UCLA  /  Essays  /  Prompt 8

UCLA: What makes you strong

350 words maximum

Beyond what has already been shared in your application, what do you believe makes you a strong candidate for admissions to the University of California?
What it’s really asking

Something genuinely new. The prompt says beyond what you have already shared, so this is the place for a side of you that none of the other prompts or your activities list captured.

Why they ask it

UCLA gives you an open slot on purpose. They want to see what you choose to add when nothing is prescribed, which is itself revealing.

Three ways in
The thing that did not fit

A real part of your life that no other prompt asked about: a job, a responsibility, an obsession, a role at home.

A quiet throughline

A trait or value that connects your scattered activities, named and shown once.

Resist the brag

This is not a place to relist achievements. Choose something human the reader could not have known.

✕  Weak opening

“What makes me a strong candidate is that I am hardworking, dedicated, and passionate about everything I do.”

✓  Strong opening

“Every morning before school I open the family restaurant, which means I have unlocked a business more times than I have unlocked my own phone today.”

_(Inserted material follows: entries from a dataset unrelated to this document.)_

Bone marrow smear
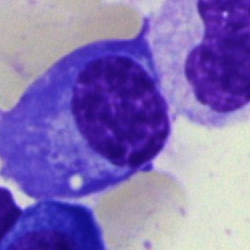Cell type — plasmacyte.
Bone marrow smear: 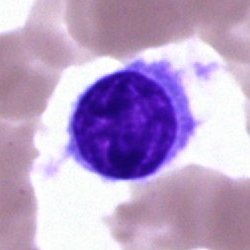Morphology consistent with a hairy cell.
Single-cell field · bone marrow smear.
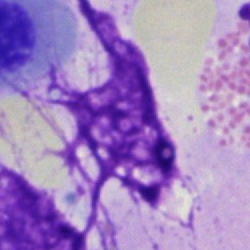 Artefact.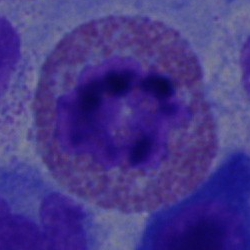
Q: What type of cell is this?
A: This is an eosinophil.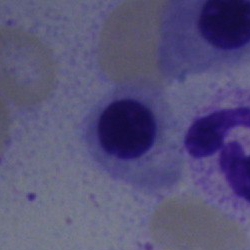
This is an erythroblast.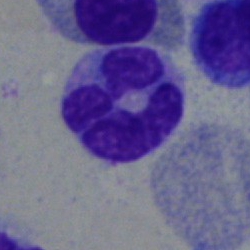

{"cell_type": "monocyte", "lineage": "myeloid"}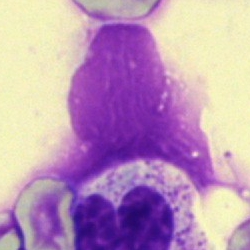
Morphology → artefact.
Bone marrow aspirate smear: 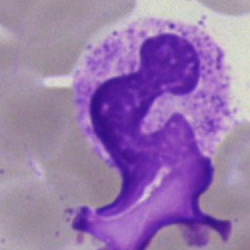This is an artifact.
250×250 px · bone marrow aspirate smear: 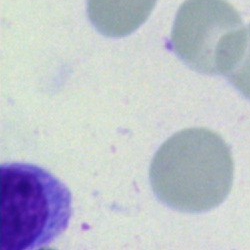
Impression → unidentifiable cell.
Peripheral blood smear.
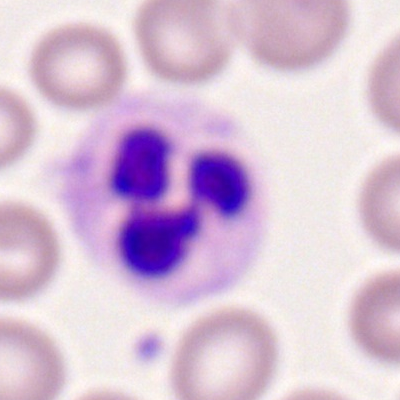
This is a neutrophil (segmented).
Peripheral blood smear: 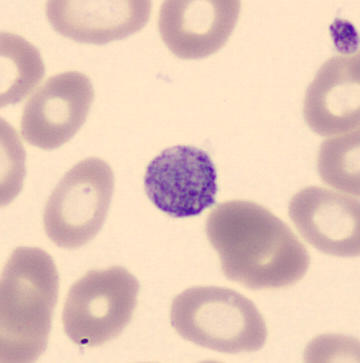

Morphology — thrombocyte.
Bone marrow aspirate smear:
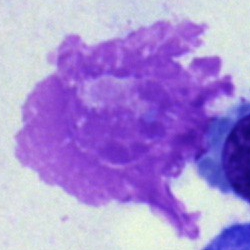Specimen: bone marrow aspirate smear.
Cell: artefact.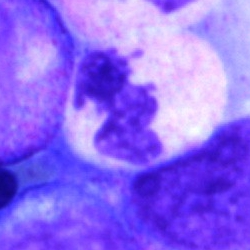

Classification = polymorphonuclear neutrophil.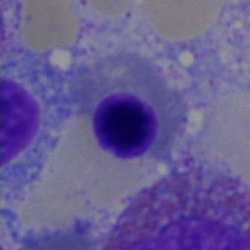
Morphological class = normoblast.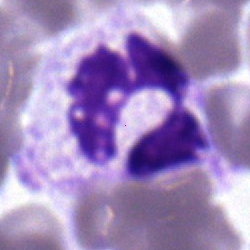 Bone marrow aspirate smear, single cell — segmented neutrophil.

✦ Annotated example · The translator in the room. Written by EssayLens to teach, not a real applicant’s essay. Tap a highlighted line →
My application will tell you my GPA and my clubs. It will not tell you that I have been a courtroom, a doctor's office, and a parent-teacher conference, all at once, since I was ten. I am the translator in my family. 1My parents speak Tagalog and careful, hard-won English, and for the rest of the world I am the bridge. I have explained an MRI result to my mother in a hospital hallway. I have negotiated a late rent payment for my father over the phone while a landlord lost patience. I have sat in my younger brother's IEP meeting and turned a wall of education jargon into sentences my parents could actually use. This is not a sad story, and I will not tell it like one. 2It is the source of nearly everything I am good at. Translating is not swapping words. It is holding two people's worlds in your head at the same time and finding the narrow path between them. A doctor wants precision. My mother wants reassurance. My job is to deliver both in one breath without flattening either. That skill made me strong in ways no class did. 3I read a room before I read a document. I notice when an adult is using complexity to avoid a question, and I have learned, politely, to slow them down and make them say it plainly. I am comfortable being the youngest and least powerful person in a tense conversation, because I have been doing it since fifth grade. Pressure does not rattle me the way it rattles people who only meet it on test day. It also gave me a particular kind of patience. 4I have watched my parents be underestimated for an accent and never once for their intelligence, and it taught me that comprehension is something you build between people, not something you possess. So I am the student who explains the problem set to the kid too embarrassed to ask. I am the one who emails the teacher when half the class is lost but silent. Bridging is just what I do now. UCLA will get strong numbers from me. It will also get someone who has spent eight years learning to carry meaning safely across a gap, and who would do the same for a roommate, a lab partner, or a stranger in a hallway who looks as lost as my mother once did. That is what makes me strong, and none of it fits in a box on a form.
  1. 1Leads with the one thing the rest of the application cannot show. The prompt asks what makes you strong beyond the application, so naming that gap directly is the sharpest possible opening.
  2. 2Pre-empts the pity read. Controlling the tone shows maturity and respects the reader, both qualities UCLA values in a self-aware applicant.
  3. 3Turns the experience into transferable strengths, which is exactly what 'strong candidate' asks for. The essay now argues, not just narrates.
  4. 4Adds a quieter strength alongside the obvious ones. Range of qualities, not just one repeated trait, keeps the candidate three-dimensional.
Stuck? Start here
  • What real part of your life never came up anywhere else in the application?
  • What would a reader be surprised to learn about your daily life?
  • What quiet trait connects the things you do?
Before you submit
  • Is this genuinely new, not a repeat of your activities?
  • Did you show it with a concrete detail?
  • Does it reveal something the reader would value?